Im confused as finding the minimum value of lambda is an important part of the proof but it isn't clear to me that the critical point is a minimum

It can't be a maximum, due to the behaviour of the function for large $\lambda$.

That said, treating $\lambda$ and $\lambda^*$ as independent variables needs a bit of explanation!

 

[jaded2112]

It can't be a maximum, due to the behaviour of the function for large $\lambda$.

That said, treating $\lambda$ and $\lambda^*$ as independent variables needs a bit of explanation!

Thanks for the reply.
Can you elaborate on why lambda can't be a maximum?
Also, i think lambda is the independent variable because it can be any complex valued number and minimising the inner product is an important part of the proof.

 

[Delta2]

It doesn't matter if it is a minimum or maximum.

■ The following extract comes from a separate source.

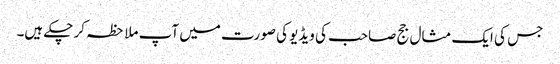
جس کی ایک مثال جج صاحب کی ویڈیو کی صورت میں آپ ملاحظہ کر چکے ہیں۔

We have this inequality which holds for any $\lambda$
$$0\leq (\phi,\phi)-\lambda(\phi,\psi)-\lambda^*(\psi,\phi)-\lambda\lambda^*(\psi,\psi)$$
Now suppose that I tell you to apply this inequality for $\lambda=\frac{(\psi,\phi)}{(\psi,\psi)}$.
You will be able to infer what is asked for, that is the Cauchy-Schwarz inequality for the inner product, won't you?
But then you going to ask me how did I come up with this value of $\lambda$ won't you?

 

[PeroK]

Thanks for the reply.
Can you elaborate on why lambda can't be a maximum?
Also, i think lambda is the independent variable because it can be any complex valued number and minimising the inner product is an important part of the proof.

There is no maximum as the expression has no upper bound as $|\lambda| \rightarrow \infty$. That's supposed to be so obvious that the author doesn't even mention it.

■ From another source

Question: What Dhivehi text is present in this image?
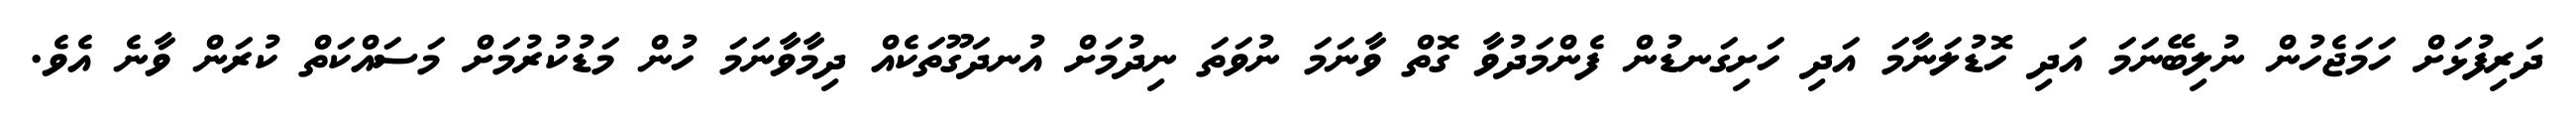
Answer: ދަރިފުޅަށް ހަމަޖެހުން ނުލިބޭނަމަ އަދި ހޮޑުލަނާމަ އަދި ހަށިގަނޑުން ފެންމަދުވާ ގޮތް ވާނަމަ ނުވަތަ ނިދުމަށް އުނދަގޫތަކެއް ދިމާވާނަމަ ހުން މަޑުކުރުމަށް މަސައްކަތް ކުރަން ވާނެ އެވެ.

You're saying that $\lambda^*$ is independent of $\lambda$? In the same way that $x$ is independent of $y$. You can vary $\lambda^*$ without changing $\lambda$?

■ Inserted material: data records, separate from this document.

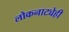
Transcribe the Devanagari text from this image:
लोकनाट्येही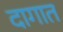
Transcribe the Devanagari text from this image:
दागात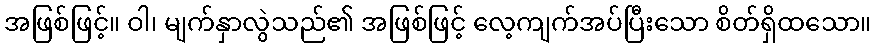
အဖြစ်ဖြင့်။ ဝါ၊ မျက်နှာလွဲသည်၏ အဖြစ်ဖြင့် လေ့ကျက်အပ်ပြီးသော စိတ်ရှိထသော။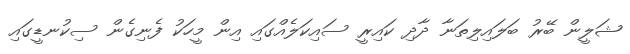
ޝަލީން ބޭރު ބަލައިލިތަނާ ދާދި ކައިރީ ސައިކަލެއްގައި އިން މީހަކު ފެނިގެން ސިކުނޑީގައި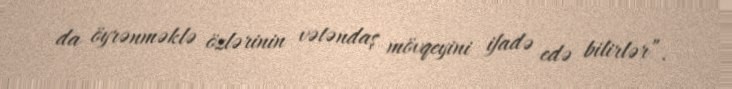
da öyrənməklə özlərinin vətəndaş mövqeyini ifadə edə bilirlər”.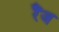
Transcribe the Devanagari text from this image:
रैंज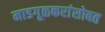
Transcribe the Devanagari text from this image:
माडगूळकरांसोबत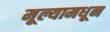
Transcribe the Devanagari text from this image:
मूल्यामधून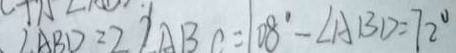
\angle A B D = 2 \angle A B C = 1 0 8 ^ { \circ } - \angle A B D = 7 2 ^ { \circ }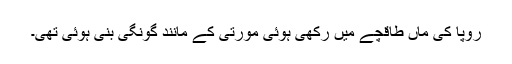
رُوپا کی ماں طاقچے میں رکھی ہُوئی مورتی کے مانند گونگی بنی ہُوئی تھی۔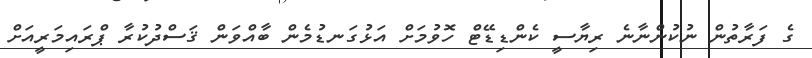
ގެ ފަރާތުން ނުކުންނާނެ ރިޔާސީ ކެންޑިޑޭޓް ހޮވުމަށް އަޅުގަނޑުމެން ބާއްވަން ޤަސްދުކުރާ ޕްރައިމަރީއަށް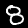
Label: 8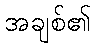
အချစ်၏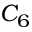
C _ { 6 }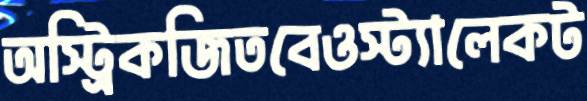
অস্ট্রিকজিতবেওস্ট্যালেকট

There is a reason that works, but it definitely needs some explanation and without it the proof is very sketchy.

Note that, in general, just because a set of steps comes out with the right answer doesn't mean the steps are right.

 

[Delta2]

@PeroK, @jaded2112 where do we use the fact that it is a minimum? I simply don't understand sorry, all it seems to me that we need is a proper value of $\lambda$ to apply the inequality.

 

[PeroK]

@PeroK, @jaded2112 where do we use the fact that it is a minimum? I simply don't understand sorry, all it seems to me that we need is a proper value of $\lambda$ to apply the inequality.

You're right. To get the required result, you just need to set $\lambda$ equal to the required expression.

 

[Delta2]

You're right. To get the required result, you just need to set $\lambda$ equal to the required expression.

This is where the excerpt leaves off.